13/12/11

10 resoluções para o marketing digital em 2012

Fim de ano, damos início das retrospectivas e às resoluções. O mercado digital cresceu muito em 2011, assim como, o número de usuários de internet no Brasil, os profissionais que se dedicam a estudar e oferecer este serviço e o número de agências comprometidas a elevar o sucesso de seus clientes no mundo virtual.

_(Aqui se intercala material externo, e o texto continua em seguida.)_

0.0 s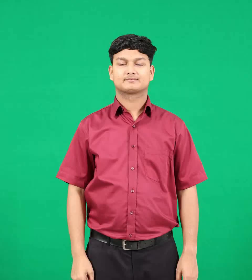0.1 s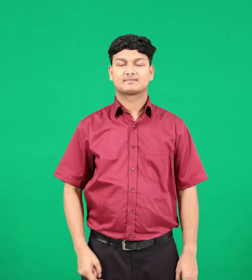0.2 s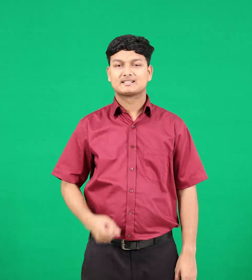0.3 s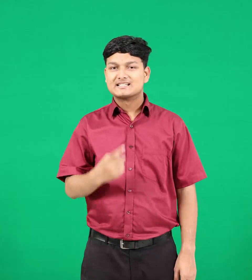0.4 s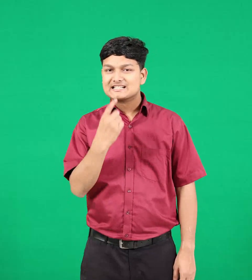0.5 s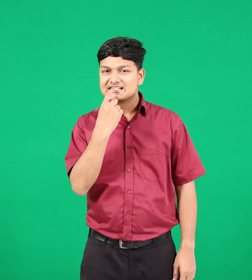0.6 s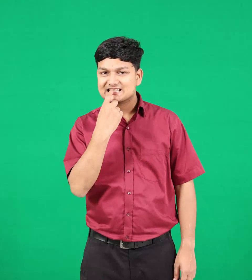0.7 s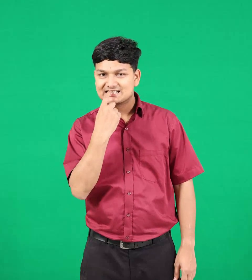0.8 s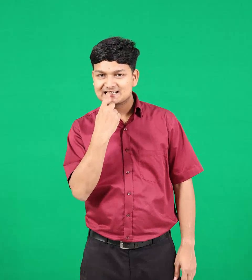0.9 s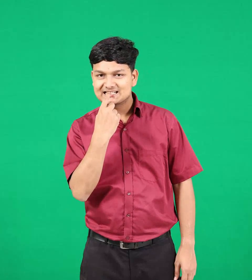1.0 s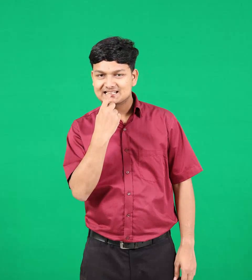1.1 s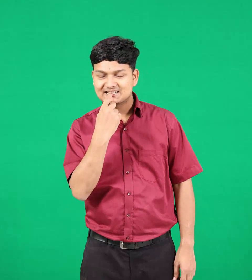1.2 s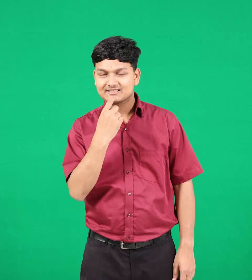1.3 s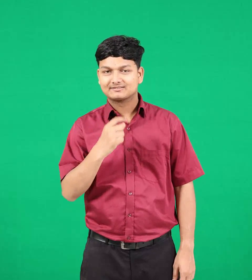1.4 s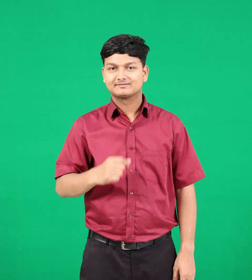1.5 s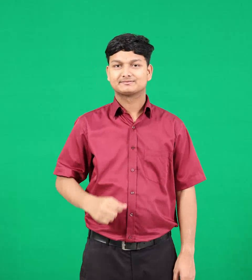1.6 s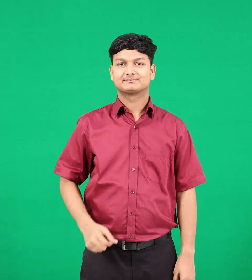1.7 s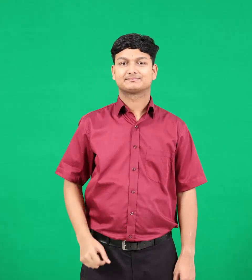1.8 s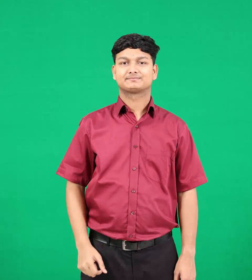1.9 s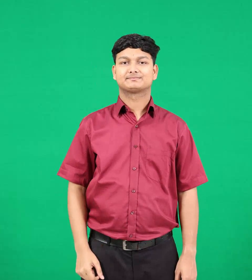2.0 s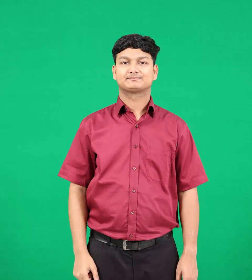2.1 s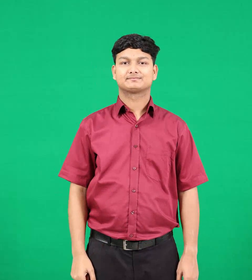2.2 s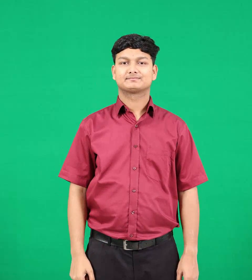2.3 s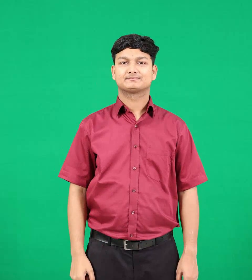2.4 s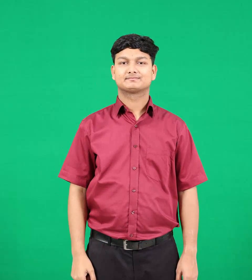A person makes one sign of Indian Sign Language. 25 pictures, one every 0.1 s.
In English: white
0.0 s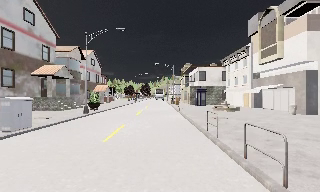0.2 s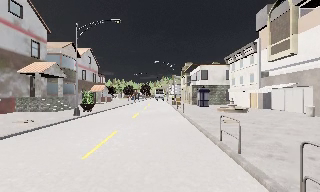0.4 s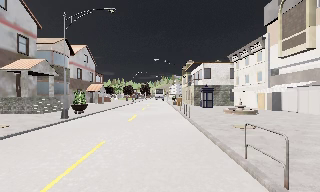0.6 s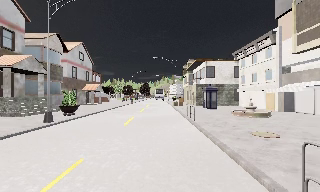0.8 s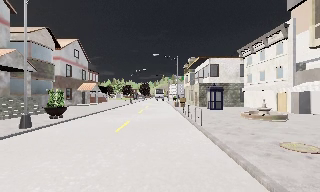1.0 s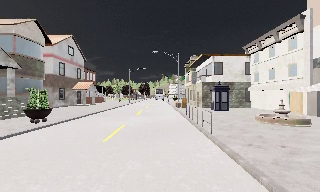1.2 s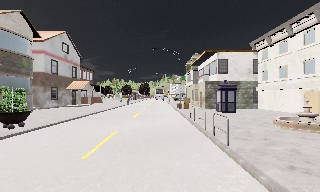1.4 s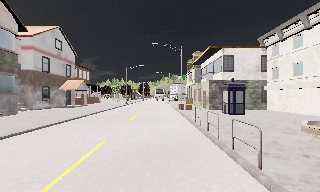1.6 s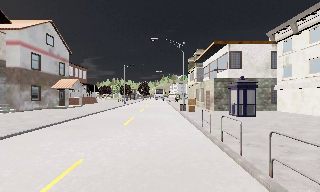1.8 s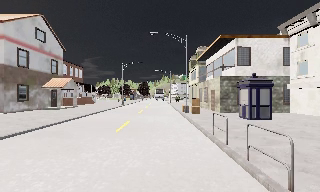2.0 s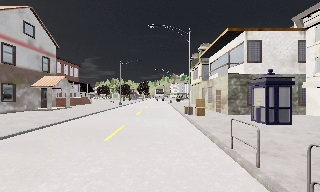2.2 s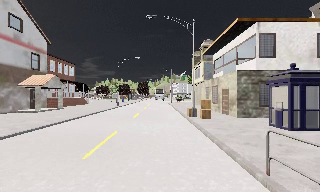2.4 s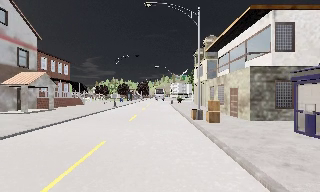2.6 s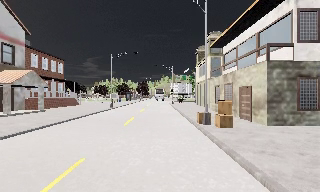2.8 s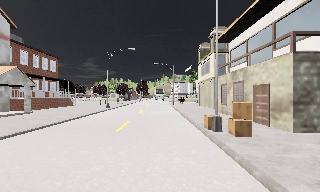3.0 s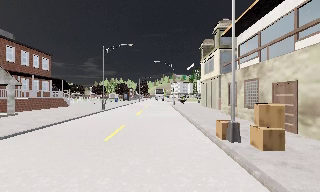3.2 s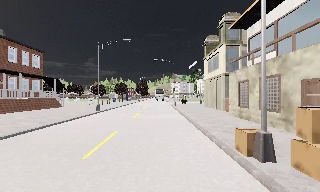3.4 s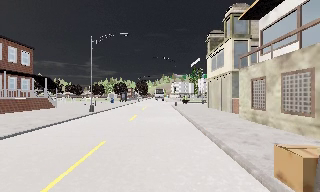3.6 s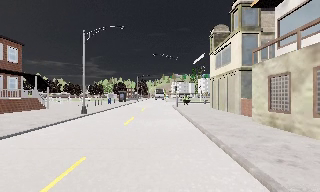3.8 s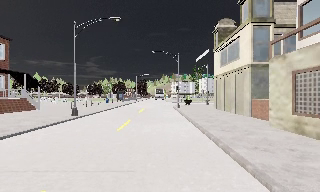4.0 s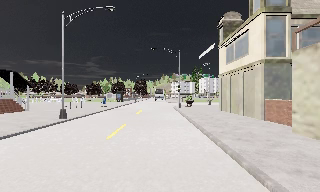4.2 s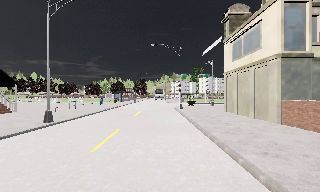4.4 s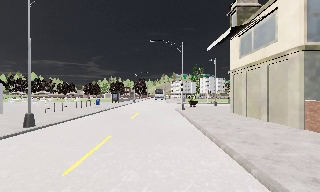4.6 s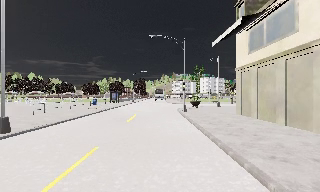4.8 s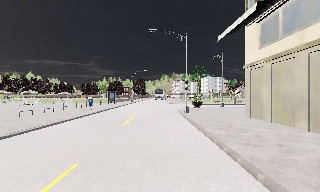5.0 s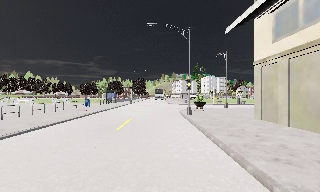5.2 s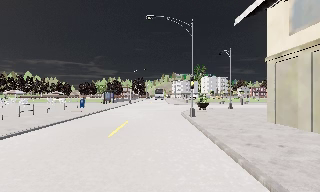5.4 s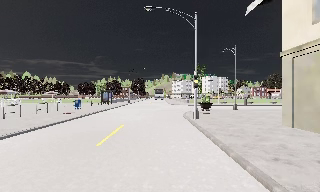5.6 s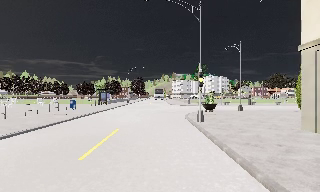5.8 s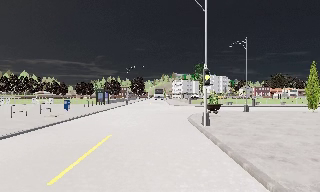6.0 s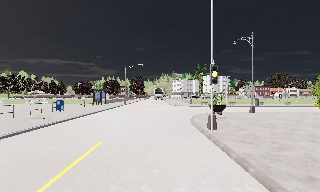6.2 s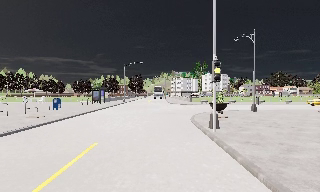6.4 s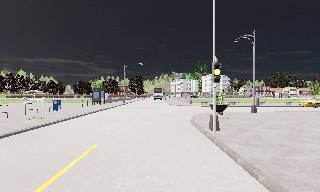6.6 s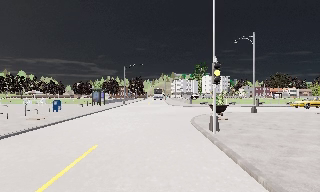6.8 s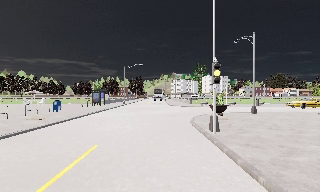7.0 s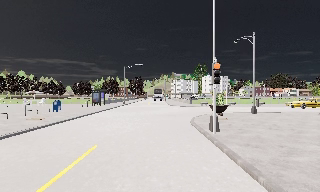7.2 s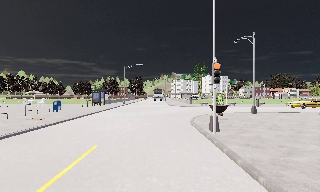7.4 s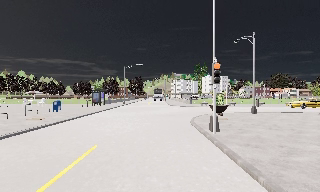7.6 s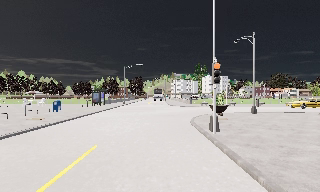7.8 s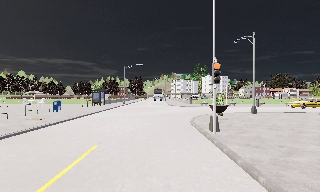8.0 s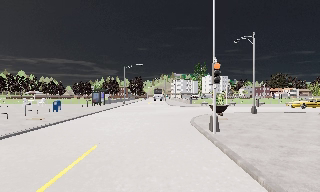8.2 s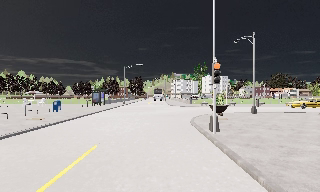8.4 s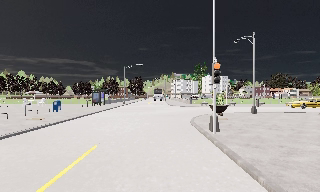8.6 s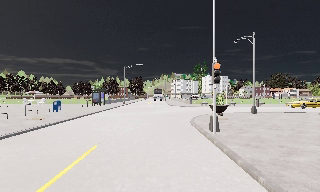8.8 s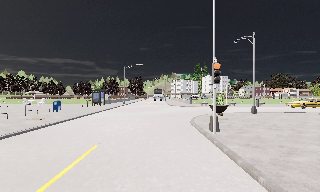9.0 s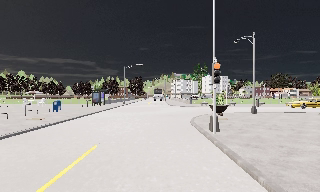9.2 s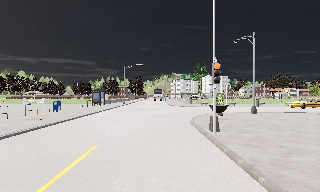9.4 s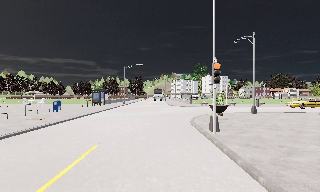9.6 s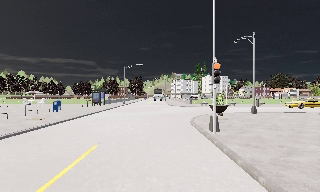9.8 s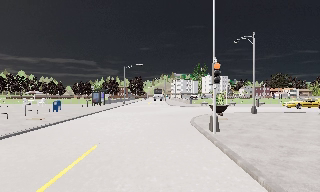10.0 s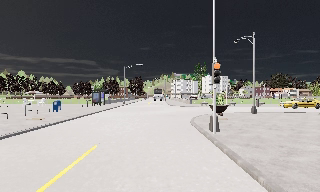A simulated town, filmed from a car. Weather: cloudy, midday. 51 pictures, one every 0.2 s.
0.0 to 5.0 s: The camera travels forward, about 40 m, so what stands in front looms larger.
5.0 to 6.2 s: The camera travels forward, about 6 m, so what stands in front looms larger. It loses speed.
6.2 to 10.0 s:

Mas o crescimento rápido do mercado não traz apenas benefícios, também traz profissionais, agências e clientes despreparados para a realidade de suas marcas e uma imagem turva do que o marketing digital pode oferecer. Pensando nisso, vamos compartilhar aqui uma lista com 10 desejos (ou resoluções) para o mercado em 2012. Que o próximo ano venha cheio de campanhas sensacionais, trazendo muito retorno para os investidores e clientes muito mais satisfeitos através do relacionamento com suas marcas preferidas.

1- Pensar mais nos consumidores, menos nos likes
2- Aceitar que as mídias sociais impactam não só os canais de relacionamento, mas também setores como logística e atendimento off-line
3- Dar mais valor ao monitoramento e análise de métricas, menos ao clipping
4- Entender que número de seguidores não é objetivo de campanha
5- Se preparar para assumir um budget anual de investimento em comunicação
6- Cumprir regulamentos de ações promocionais
7- Estabelecer um timming de resposta para os consumidores nas redes sociais
8- Investir em um planejamento de atuação, e não ações isoladas
9- NUNCA, JAMAIS, em hipótese alguma solicitar um ROI que divida o valor do seu investimento pelo número de seguidores do Twitter. Isso não é ROI, nem amor.
10- Benchmarkings servem para analisar as marcas melhores posicionadas no seu segmento, não pra fazê-lo acreditar que o seu sucesso será o mesmo da Coca-Cola nas mídias sociais com 0,2% do budget.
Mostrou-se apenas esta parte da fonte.